Saved: map_cluster_top1000.html
Saved: map_cluster_full.html (may be large)
Saved: map_heat.html
Saved: map_heat_top500.html


In [4]:
# --------------------------------
# City-level summaries & charts
# --------------------------------
city_counts = df['City'].value_counts().rename('Restaurants')
city_avg_rating = df.groupby('City')['Rating_for_avg'].mean().rename('Avg_Rating')
city_avg_price = df.groupby('City')['Price range'].mean().rename('Avg_PriceRange')

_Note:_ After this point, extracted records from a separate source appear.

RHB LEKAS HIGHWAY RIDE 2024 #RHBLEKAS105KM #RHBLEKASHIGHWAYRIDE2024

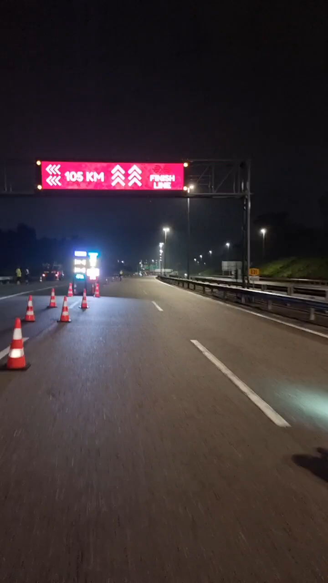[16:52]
Finish line 了 2 km to go, go, go, go!
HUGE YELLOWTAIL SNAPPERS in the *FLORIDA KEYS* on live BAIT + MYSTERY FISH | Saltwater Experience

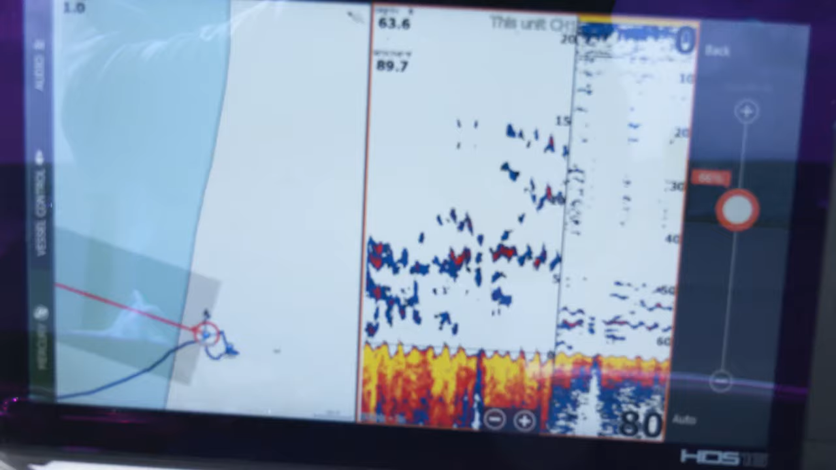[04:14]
I mean, that was, you don't know what it is, but there was a lot of them.
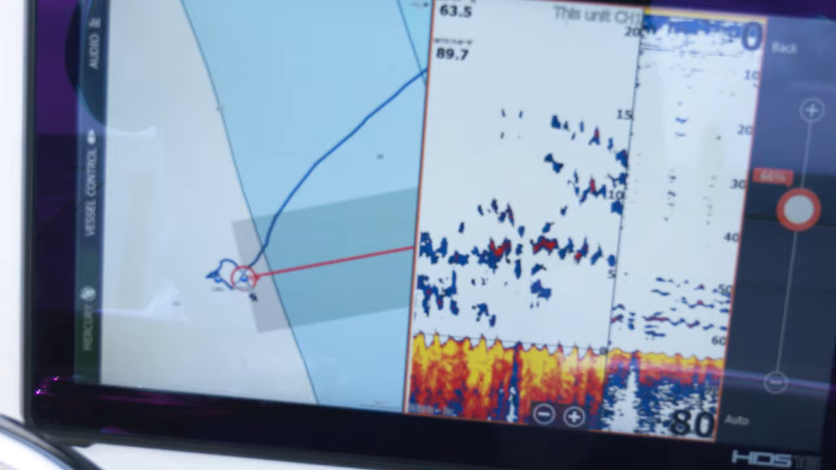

city_summary = pd.concat([city_counts, city_avg_rating, city_avg_price], axis=1).sort_values('Restaurants', ascending=False)
city_summary.to_csv("city_summary.csv", index=True)
print("Saved: city_summary.csv")

# Charts with matplotlib (no seaborn, no explicit colors)
plt.figure(figsize=(10,5))
city_counts.head(10).plot(kind='bar')
plt.title("Top 10 Cities by Number of Restaurants")
plt.xlabel("City"); plt.ylabel("Restaurants"); plt.xticks(rotation=45, ha='right')
plt.tight_layout(); plt.savefig("top_cities_by_count.png"); plt.close()
print("Saved: top_cities_by_count.png")

# Avoid small-sample bias: only consider cities with >= 20 restaurants
eligible = city_summary[city_summary['Restaurants'] >= 20]['Avg_Rating'].dropna().sort_values(ascending=False).head(10)
plt.figure(figsize=(10,5))
eligible.plot(kind='bar')
plt.title("Top 10 Cities by Avg Rating (>= 20 restaurants)")
plt.xlabel("City"); plt.ylabel("Average Rating"); plt.xticks(rotation=45, ha='right')
plt.tight_layout(); plt.savefig("top_cities_by_rating_threshold.png"); plt.close()
print("Saved: top_cities_by_rating_threshold.png")

Saved: city_summary.csv
Saved: top_cities_by_count.png
Saved: top_cities_by_rating_threshold.png


In [5]:
# --------------------------------
# Locality-level summaries
# --------------------------------
locality_grp = df.groupby(['City','Locality']).agg(
    Restaurants=('Restaurant Name','count'),
    Avg_Rating=('Rating_for_avg','mean'),
    Avg_PriceRange=('Price range','mean')
).reset_index().sort_values(['City','Restaurants'], ascending=[True, False])
locality_grp.to_csv("locality_summary.csv", index=False)
print("Saved: locality_summary.csv")

# Top localities per city (by restaurant count) - top 10 each
top_localities = (locality_grp.sort_values(['City','Restaurants'], ascending=[True, False])
                             .groupby('City').head(10))
top_localities.to_csv("top_localities_per_city.csv", index=False)
print("Saved: top_localities_per_city.csv")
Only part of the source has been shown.